Posted on Aug 13, 2023 • Edited on Aug 19, 2023

Demystifying ORM Queries: The Search for Optimized PostgreSQL Queries

#database #postgres #typeorm #performance

While TypeORM is a great library, I sometimes feel it does not always generate the most efficient queries. To evaluate my thought, I decided to use PostgreSQL's query execution plan to test different SQL queries to see how they perform.

Let's imagine there's this cool app that works like a personal dictionary. Whenever someone comes across a word they don't know, they can save it in the app along with its meaning, examples, notes, etc. This way, they can easily look it up later. Guess what? I'm going to create that app!

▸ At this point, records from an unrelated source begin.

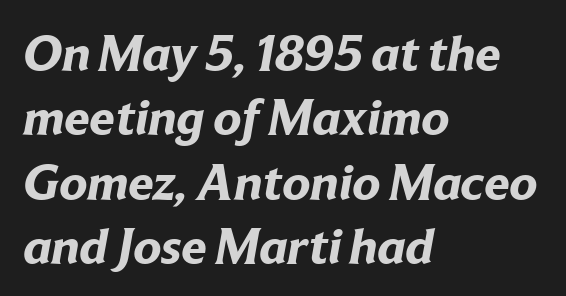
Bold? Absolutely — the strokes are thick and heavy. In CSS terms this would be text-align: left. Serifs: no, the terminals of the letterforms are clean. How are the letters spaced? Ordinarily, with no added tracking. The passage shown is typed in a proportional face where columns would drift.
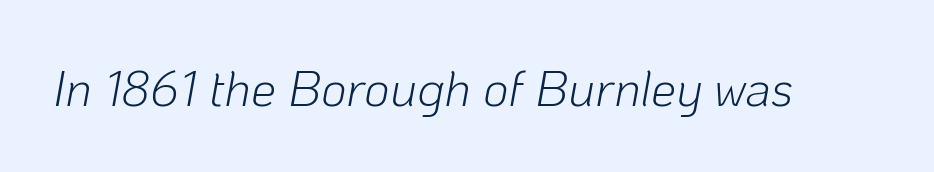
The image shows 50 px light type, italic (leaning right); set normal letter spacing, not underlined; low stroke contrast and a medium x-height.
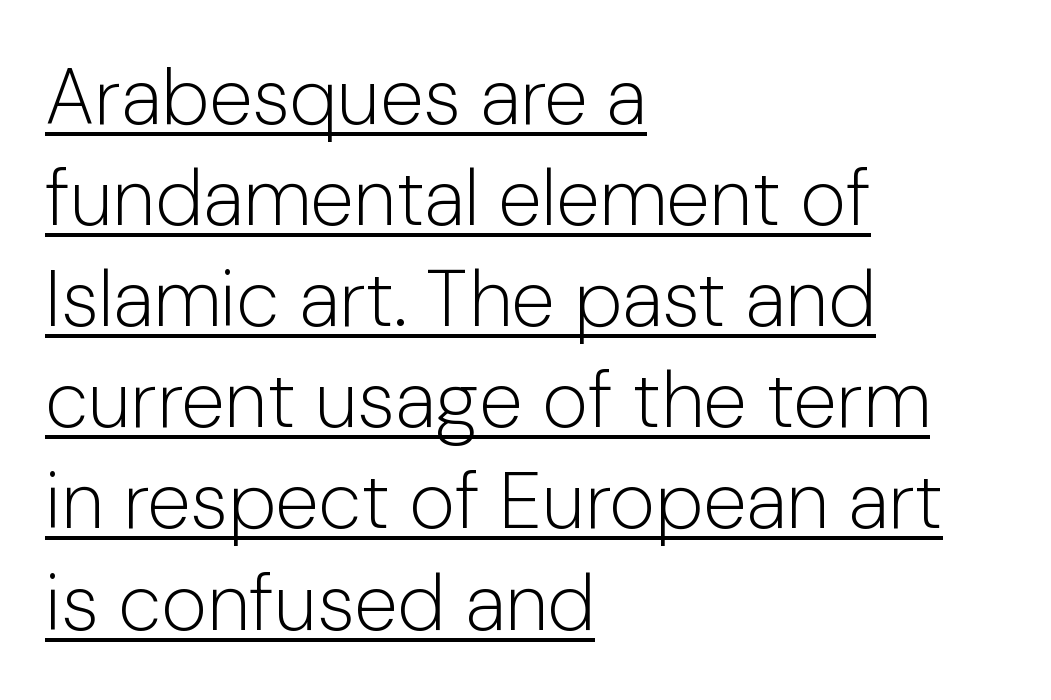
The face used here is proportionally spaced, like ordinary book or web type. The compositor pushed each line to the left boundary. Glance below the letters and you will spot a drawn line. The font family rendered here belongs to the sans-serif group. No extra ink here — the face is not bold.
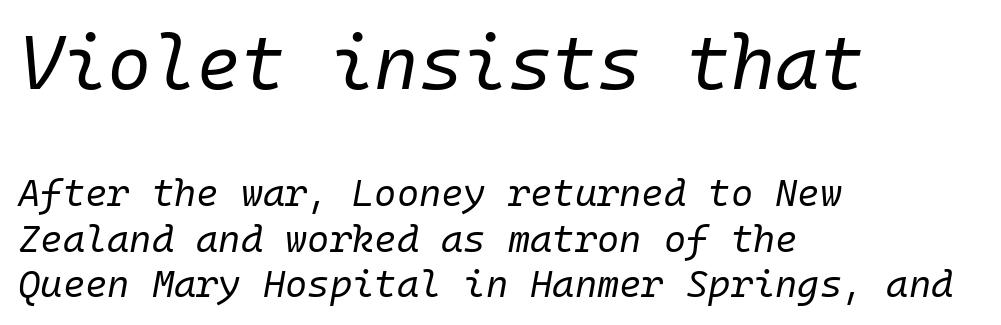
{"italic": "yes", "lean": "right", "slant_degrees": 10, "bold": "no", "weight": "regular", "width": "normal", "stroke_contrast": "low", "x_height": "medium", "monospaced": "yes", "underline": "no", "align": "left", "line_spacing_ratio": 1.2, "letter_spacing": "normal", "letter_spacing_em": 0.0, "larger_block": "first", "size_ratio": 2.0, "glyph_px": 76}

Designing the data model to keep the required data for this app is pretty straightforward. We need to create only three tables for this: User, Vocabulary, and Definition.

User

| Column | Type              | Nullable | Default            |
| ------ | ----------------- | -------- | ------------------ |
| id     | uuid              | not null | uuid_generate_v4() |
| email  | character varying | not null |                    |

Vocabulary

| Column | Type              | Nullable | Default            |
| ------ | ----------------- | -------- | ------------------ |
| id     | uuid              | not null | uuid_generate_v4() |
| word   | character varying | not null |                    |
| userId | uuid              | not null |                    |

Definition

| Column       | Type              | Nullable | Default            |
| ------------ | ----------------- | -------- | ------------------ |
| id           | uuid              | not null | uuid_generate_v4() |
| meaning      | character varying | not null |                    |
| vocabularyId | uuid              | not null |                    |

We all know a word might have multiple definitions, and users might have various vocabulary in their dictionary. From the SQL perspective, the relationship between Definition and Vocabulary is many to one. The exact relationship would be for tables Vocabulary and User.

Foreign Key

| Table Name | Column       | Constraint Name                          | Foreign Constraint Definition  |
| ---------- | ------------ | ---------------------------------------- | ------------------------------ |
| Vocabulary | userId       | FK_Vocabulary_userId_User_id             | REFERENCES "User" ("id")       |
| Definition | vocabularyId | FK_Definition_vocabularyId_Vocabulary_id | REFERENCES "Vocabulary" ("id") |

Besides creating or updating vocabulary, there should be a way to display all of it. I need to create an API responsible for fetching data from the database chunk by chunk. As we know, bringing it all at once could perform worse. There should also be a mechanism to retrieve another piece of data until received all of it. It can be achieved if the API returns the total number of vocabulary.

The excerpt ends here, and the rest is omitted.